The so-called “DIN norm” applied to computer keyboard layouts is a crack fic. A private lobby organization employs some wretches with meager success in the actual economy where they could perceive what different systems actually exist to writhe some red tape. Every actual official on duty would prefer to have the dead_tilde on ⟨AD12⟩ – after all another possibility of writing, whereas pressing the key twice to get the spacing version is perfectly acceptable under this rationale. Remember that the tilde key mapping cannot have a significant typewriter history anyhow: This spacing character mapping comes from a time when you pressed backspace to print a diacritic onto an already printed character, therefore placing its spacing version on the ⟨AD12⟩ key in the computer age is pure arbitrary.

Of course, like many of such “consulting” agencies, the opera of the DIN locums, who are in the fortunate position to have an official nimbus around them because of a protracted fostering of old boy networks, always have horrible costs of obtention. So hardly anybody who makes claims about their splendid qualities is actually in the position to do so, because it is just unfeasable to read them if your endeavor is not that of exploiting people like a government does. And the next corrupt government possibly abandons that parasite organization and suddenly the norms become null. Like the improvised norm always had to be non-existent.

In short it tells us this: Why should we care about some norm that is half-secret and half-bad? I mean, it is explicitized in this thread why “key <AD12> {[plus, asterisk, asciitilde, macron ]};” instead of “key <AD12> {[plus, asterisk, dead_tilde, dead_macron ]};” is awful. It inutilizes a capital key in system administration by breaking with tradition and consistency. The change devalues the brands of the free desktops by bending down to Microsoft’s rogue practices.

The norm may be dropped, Microsoft may revise its keyboard layout, because the tilde as dead key is more useful than as spacing characters (being mapped as producing the spacing version by just being double-pressed), using Microsoft Windows at all might become uncommon as the year of the Linux desktop has arrived, and by the way Microsoft Windows in its current version is presumably illegal in most civilized countries with data protection laws, so you are arguing with criminal practices if you give away on Microsoft – to serve posterity fairly, the free keyboard system should pursue the most reasonable layout, not the imposed one, for imposition is meaningless, reason is eternal.

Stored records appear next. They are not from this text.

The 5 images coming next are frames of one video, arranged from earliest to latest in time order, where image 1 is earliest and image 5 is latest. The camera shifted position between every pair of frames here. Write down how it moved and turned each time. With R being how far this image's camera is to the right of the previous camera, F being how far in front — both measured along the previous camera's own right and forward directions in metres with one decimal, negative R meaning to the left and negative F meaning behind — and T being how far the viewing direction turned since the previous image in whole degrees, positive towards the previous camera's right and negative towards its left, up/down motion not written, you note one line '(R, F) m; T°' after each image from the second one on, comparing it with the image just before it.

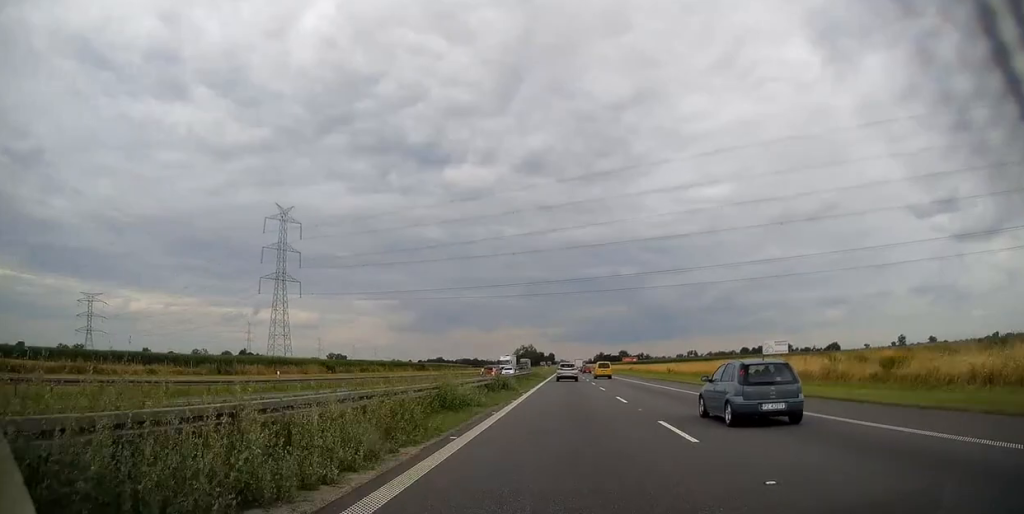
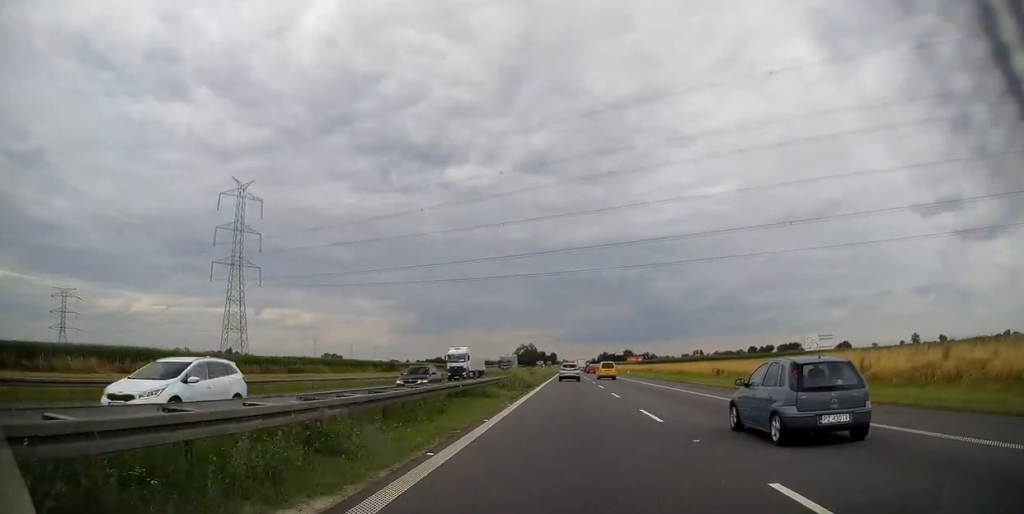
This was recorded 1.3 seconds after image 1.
(-0.2, +31.9) m; -1°
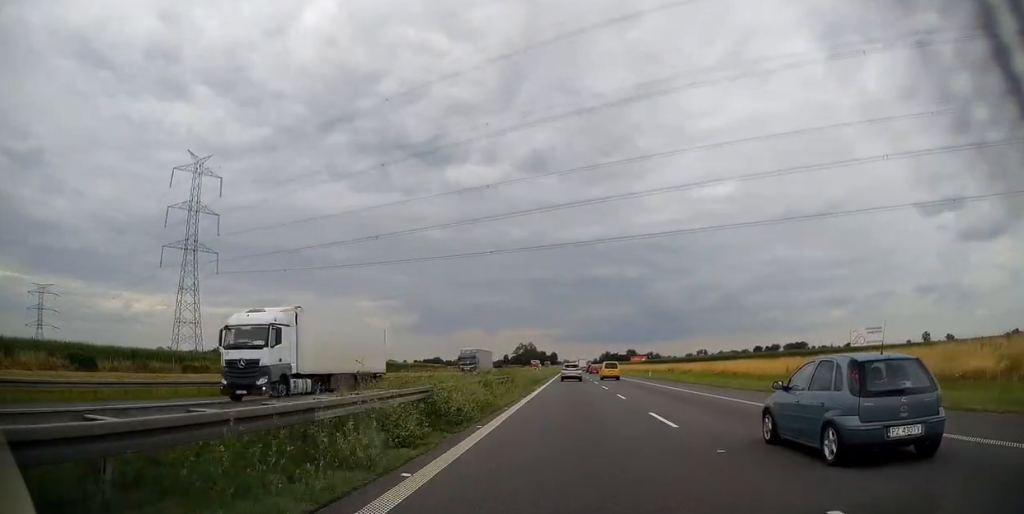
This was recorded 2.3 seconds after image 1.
(-0.1, +25.4) m; +1°
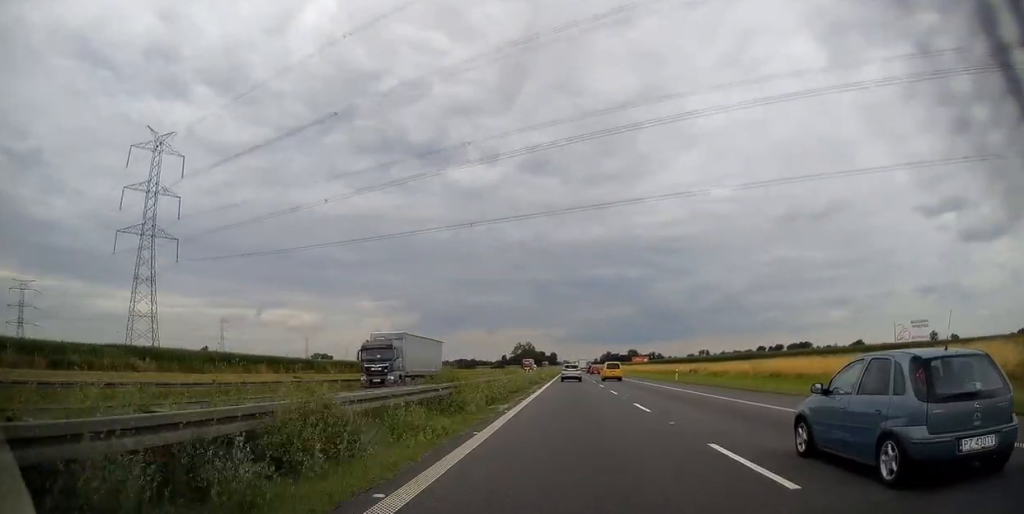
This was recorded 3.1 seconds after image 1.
(+0.2, +19.0) m; 0°
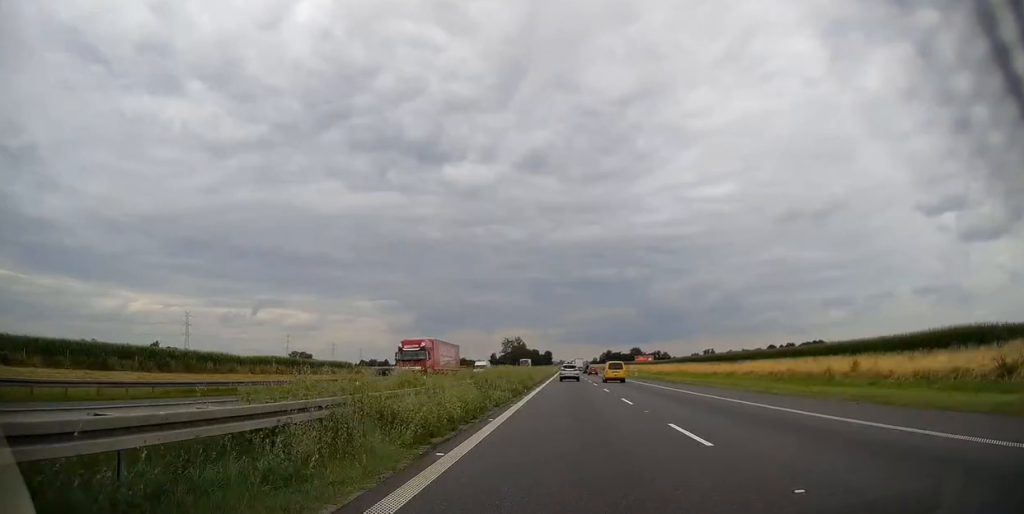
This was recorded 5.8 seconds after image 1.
(-0.3, +68.0) m; 0°

In any case we should take care not to contradict ourself, which is what happens with the X11-based systems right now in Germany in handling the ⟨AD12⟩ key, because XKB bears the spacing tilde at its third level while the virtual terminals outwith X11 still bear the dead tilde in it. Try it in a TTY, dear г-н Udaltsov: “sudo loadkeys de-latin1” – that sets the keymap used on TTYs in Germany for the current session. So it is still not to late to revert the keyboard schism.

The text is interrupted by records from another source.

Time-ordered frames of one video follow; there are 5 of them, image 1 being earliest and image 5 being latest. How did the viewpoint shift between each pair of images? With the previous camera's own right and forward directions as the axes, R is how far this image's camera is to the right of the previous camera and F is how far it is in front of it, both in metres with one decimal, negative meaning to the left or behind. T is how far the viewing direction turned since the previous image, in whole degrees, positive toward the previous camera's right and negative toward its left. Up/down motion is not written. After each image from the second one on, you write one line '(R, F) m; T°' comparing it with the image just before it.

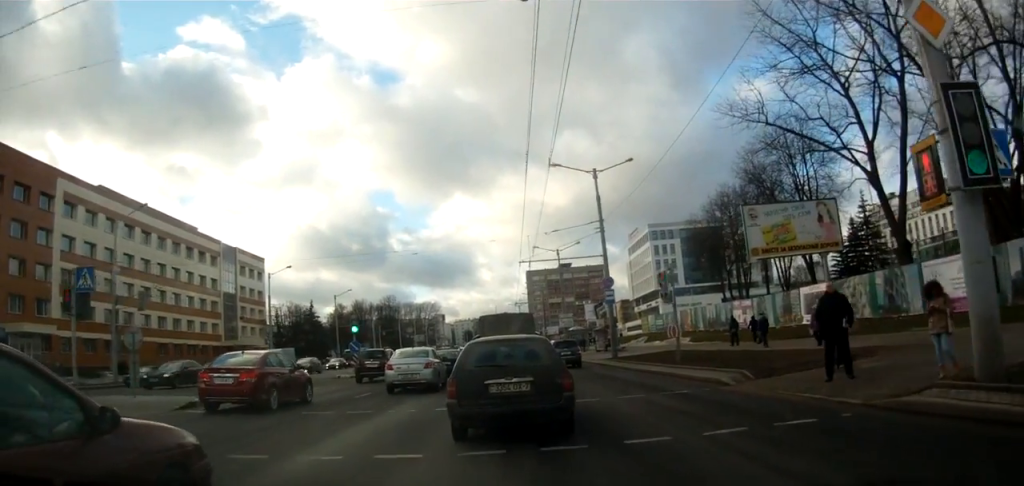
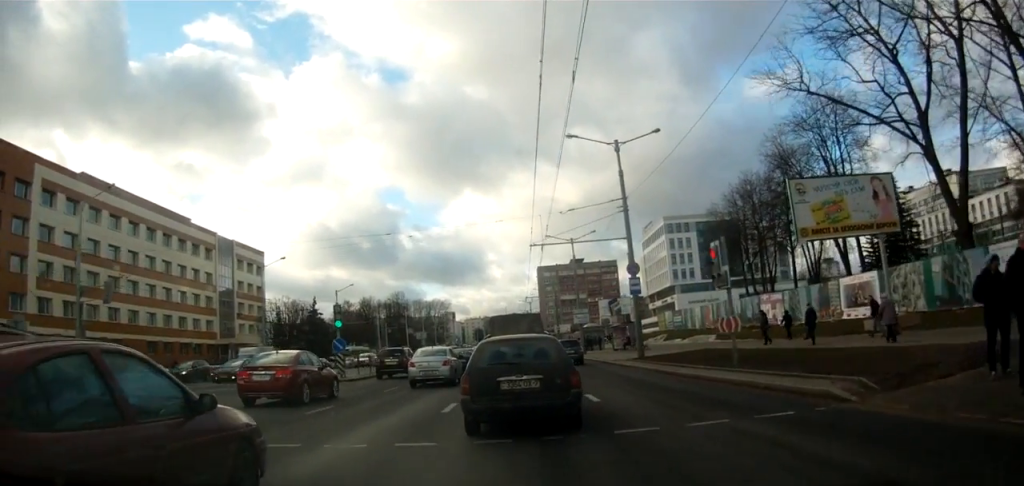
(-0.1, +5.3) m; -6°
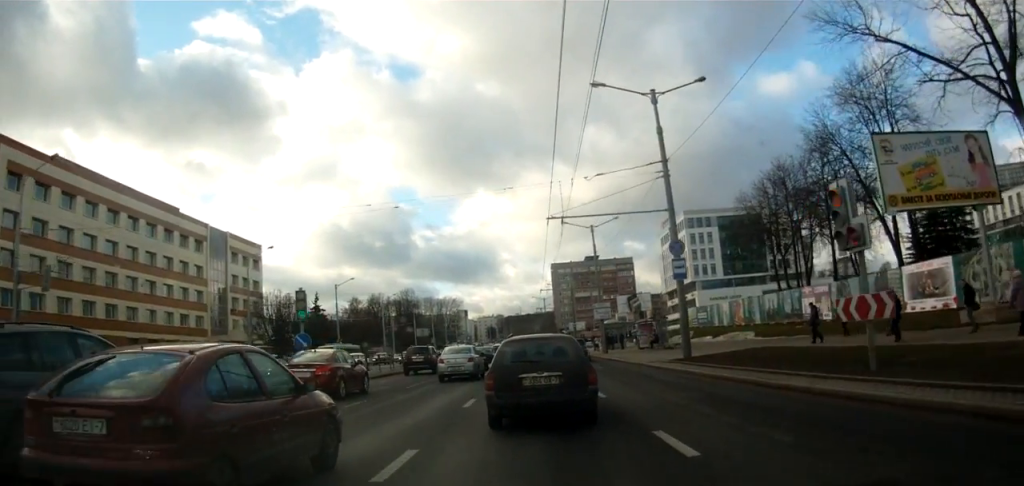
(-0.6, +7.2) m; 0°
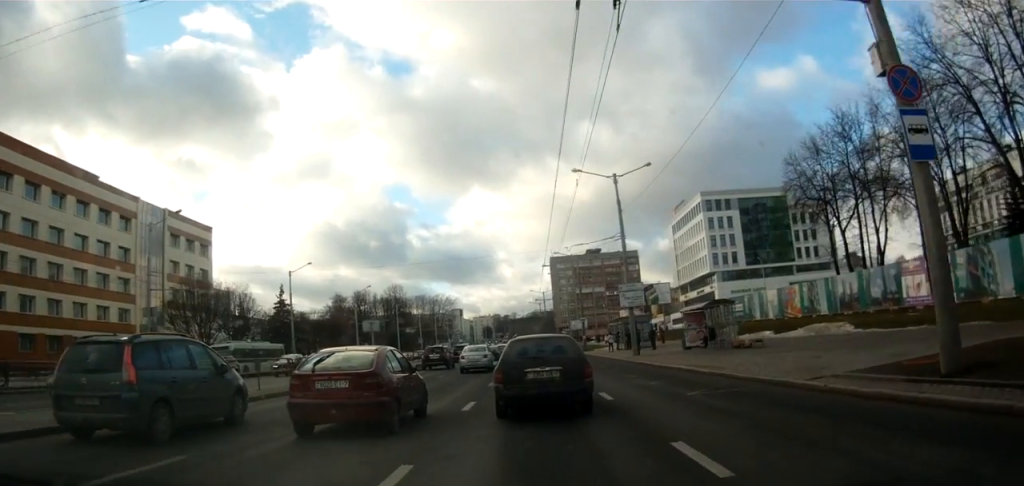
(+1.4, +17.0) m; 0°
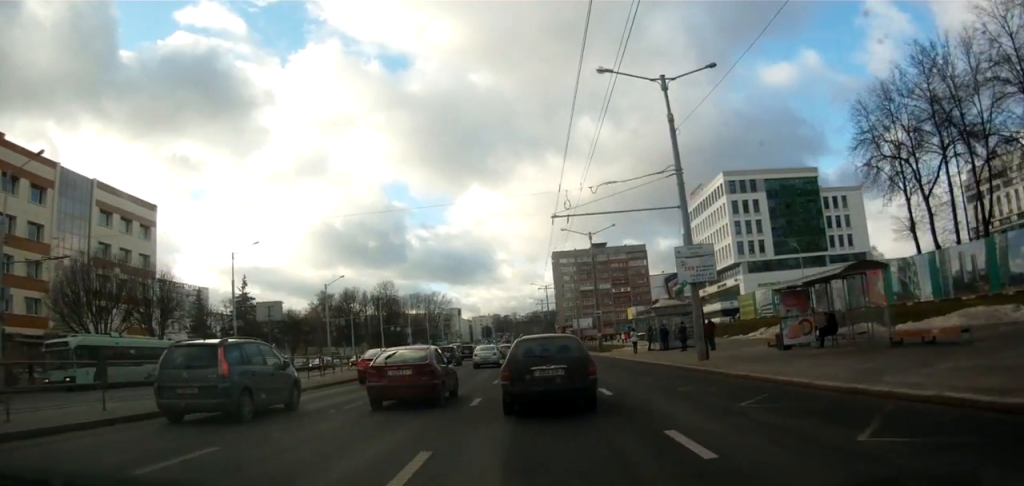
(-0.7, +15.2) m; -3°

Thus, as it stands, the deadtilde layout has to be the default one, with the current entry for it replaced by an include statement, and the “Windows” one has to be removed completely, for it should never have existed, being contrary to typing facts. Present new habits to write spacing tilde with one keypress are awkward according to what I have described and pressing the key twice to obtain the spacing tilde does feel better instantly even for those who have been forced to use the inconsistent layout because they haven’t known better because the aha effect enlivens. Take me: I have realized the difference by serendipity by looking into the layout file and instantly switched to the traditional behaviour. Really, I have just jumped into the Linux world in March 2015, I am not just obdurate in this matter. I use the traditional layout because dead_tilde and dead_macron in the layout are simply more useful than asciitilde and macron in general. Programmers have their accentless layout or use a non-German layout completely, if they need keys commonly implemented as dead keys too frequently and on the other hand do not need accents, but for most computer appliances it is smooth to press the dead key twice. Whereas nothing speaks for keeping the mixed keyboard layout resulting from the often-cited standard. Again, who knows what is set elsewhere? People come to use free desktops because they want to learn, and in the unlikely case that the dead tilde surprises anyone, he does appreciate it if he owns himself to conceive its use.

I am willing to send a patch to fix the layout hierarchy after #102225 is merged into the git repository, which is a patch I have posted two days ago enabling the dead_belowmacron in the German layout in a place without symbol now.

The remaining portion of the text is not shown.